*TASK REQUIREMENTS*
Each line of the data must be written out again verbatim; no image belongs in the copy.

=== Begin Enclosure ===

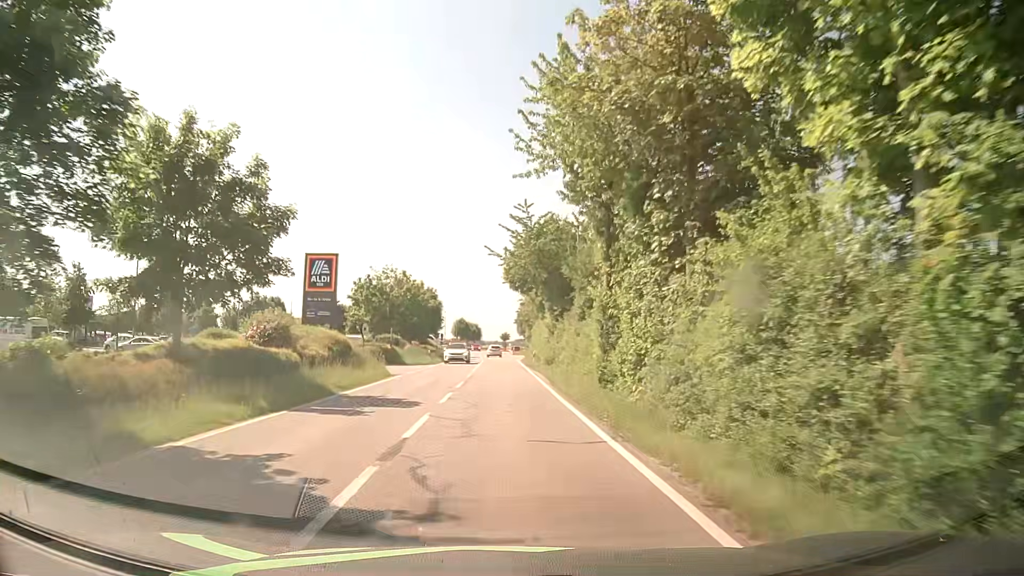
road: tertiary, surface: asphalt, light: Day
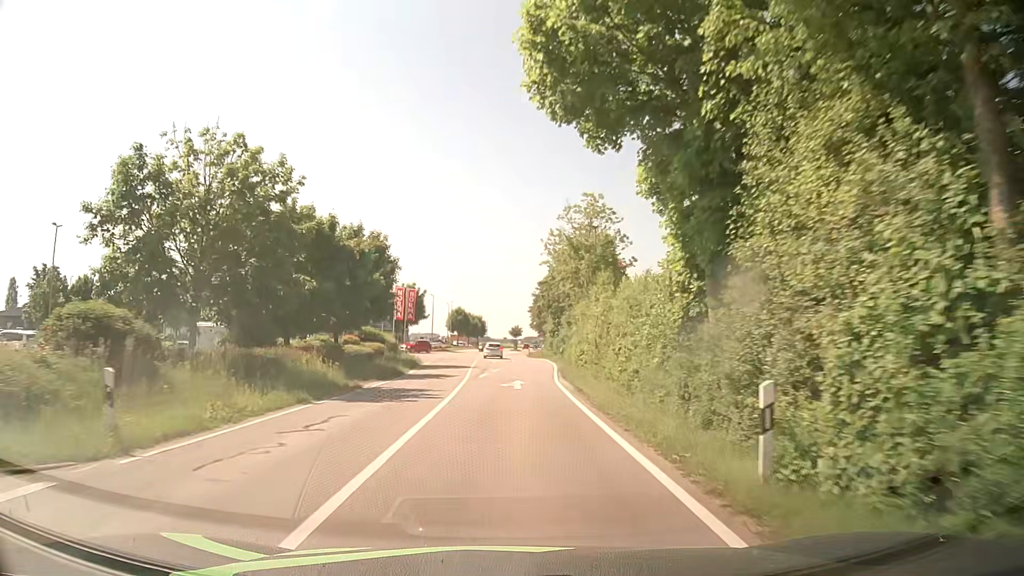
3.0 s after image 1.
(-0.3, +39.7) m; -1°
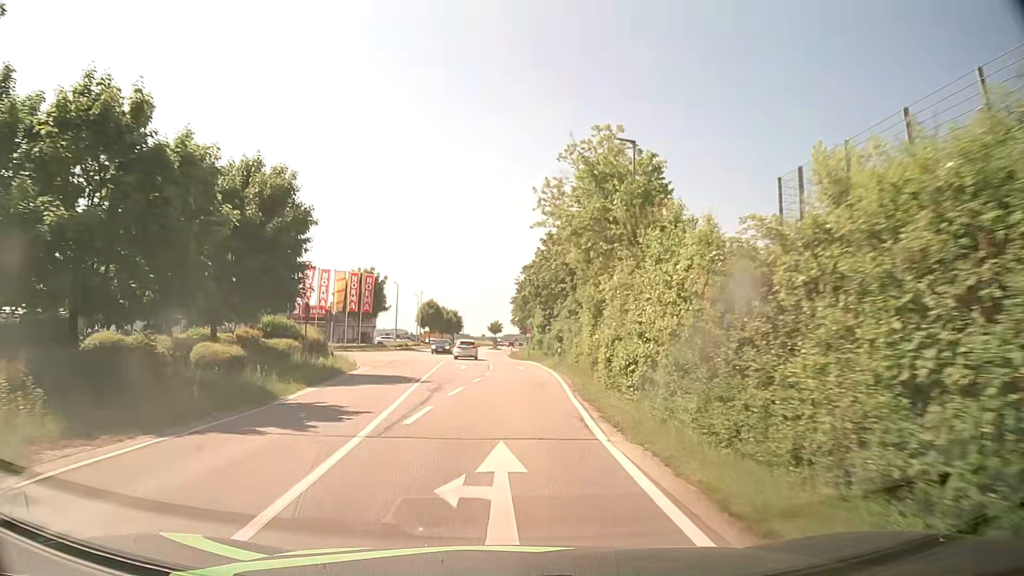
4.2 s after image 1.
(+0.2, +16.0) m; +2°
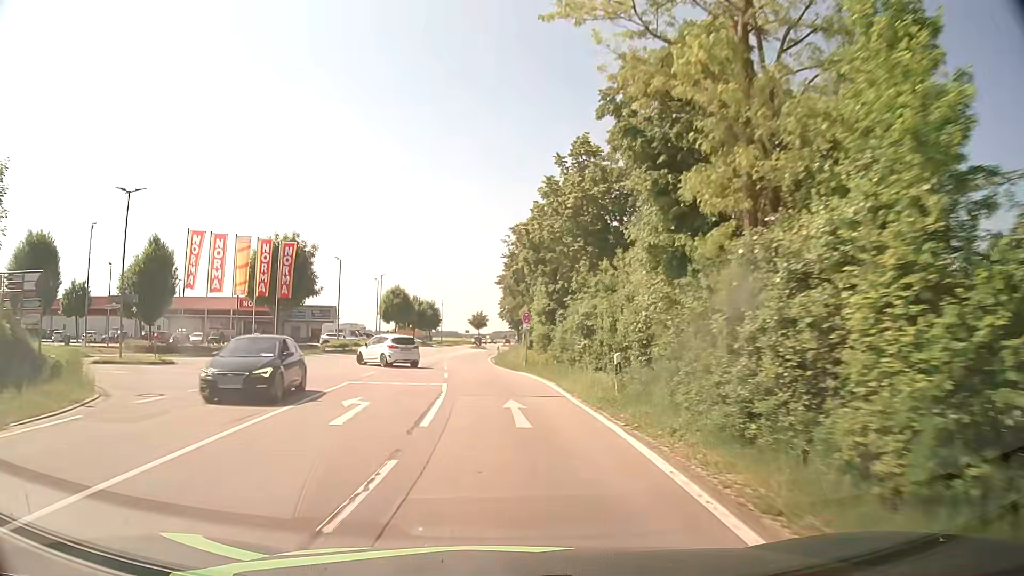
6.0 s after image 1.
(+0.5, +23.9) m; +1°
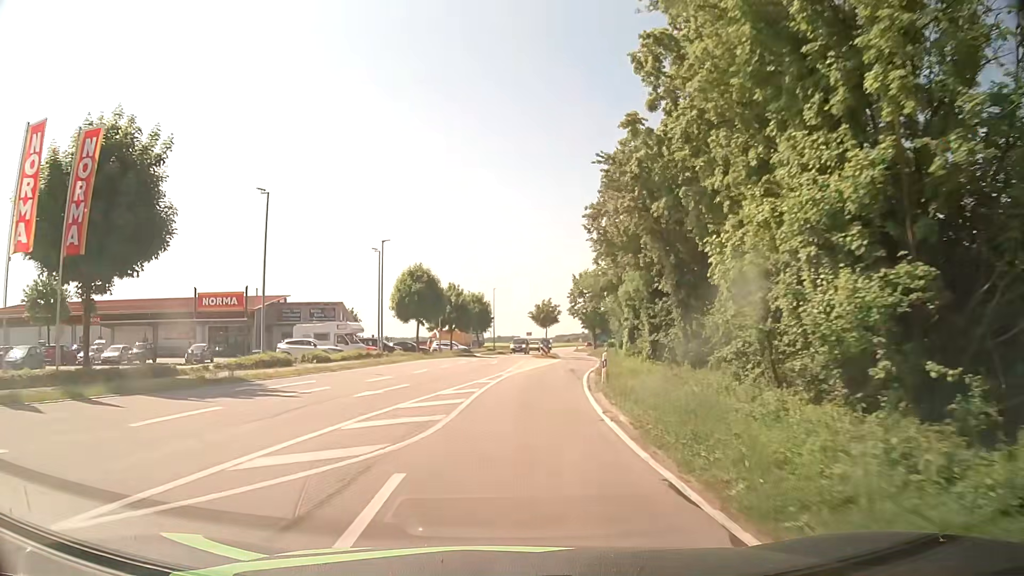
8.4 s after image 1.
(-1.2, +31.7) m; -5°
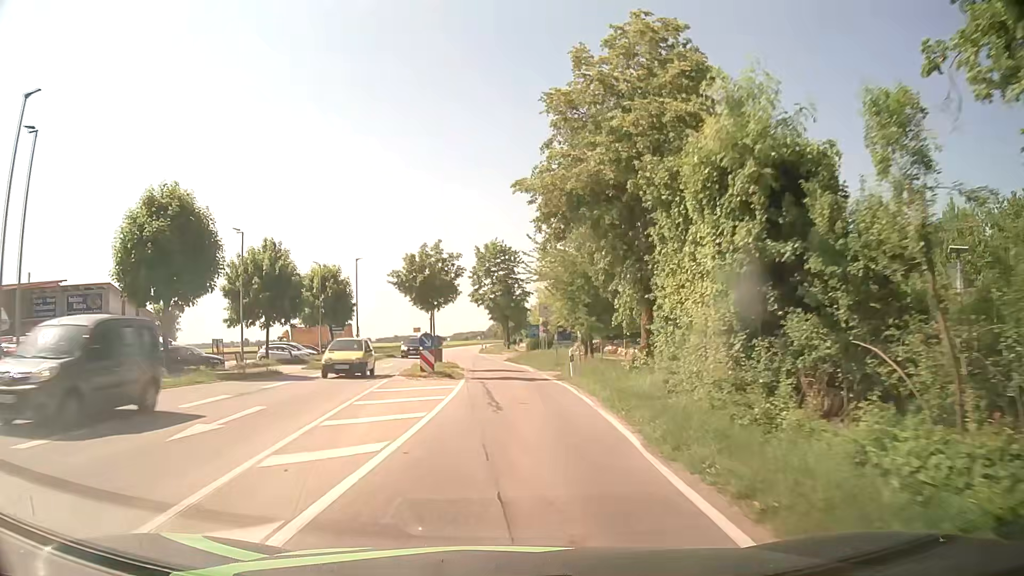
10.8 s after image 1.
(+1.9, +31.8) m; +8°
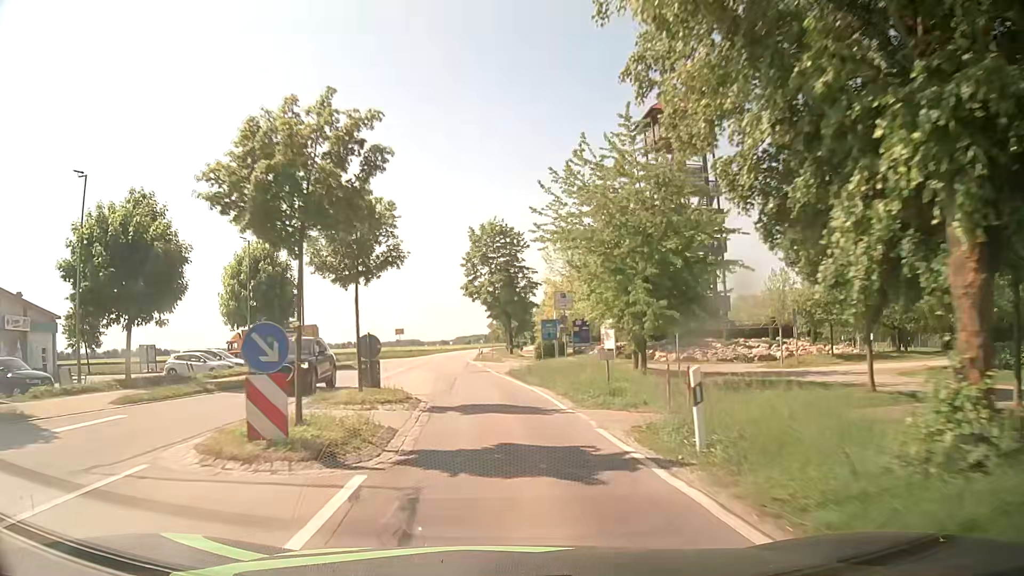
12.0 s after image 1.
(+0.1, +15.9) m; 0°
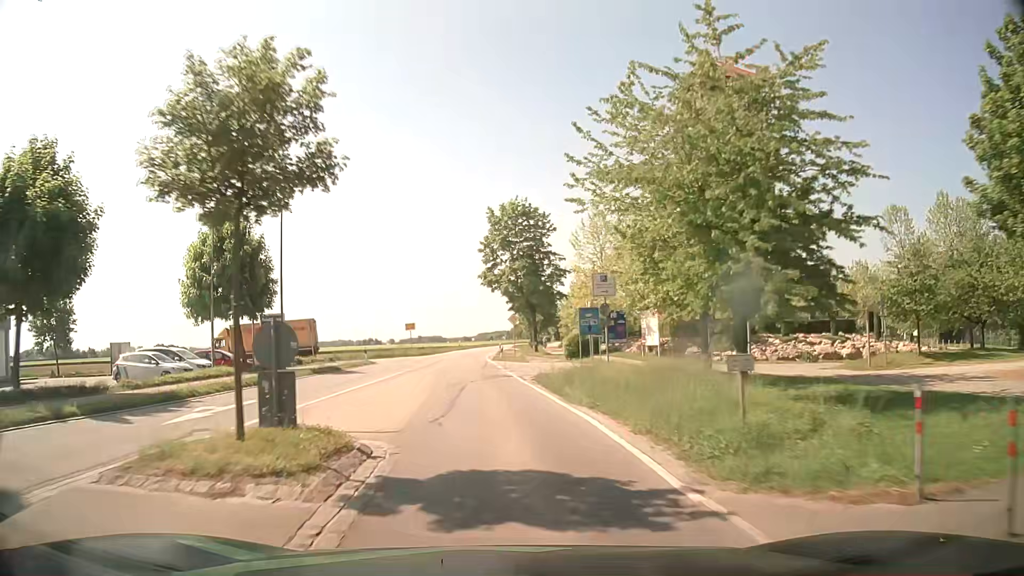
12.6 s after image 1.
(-0.2, +8.0) m; -1°
(0, +10) (-1, +20) (-2, +30) (-3, +40) (-4, +50) (-4, +60) (-4, +70) (-4, +80) (-4, +90) (-3, +100) m

=== End Enclosure ===

*SOLUTION TO THIS PROBLEM*
road: tertiary, surface: asphalt, light: Day
3.0 s after image 1.
(-0.3, +39.7) m; -1°
4.2 s after image 1.
(+0.2, +16.0) m; +2°
6.0 s after image 1.
(+0.5, +23.9) m; +1°
8.4 s after image 1.
(-1.2, +31.7) m; -5°
10.8 s after image 1.
(+1.9, +31.8) m; +8°
12.0 s after image 1.
(+0.1, +15.9) m; 0°
12.6 s after image 1.
(-0.2, +8.0) m; -1°
(0, +10) (-1, +20) (-2, +30) (-3, +40) (-4, +50) (-4, +60) (-4, +70) (-4, +80) (-4, +90) (-3, +100) m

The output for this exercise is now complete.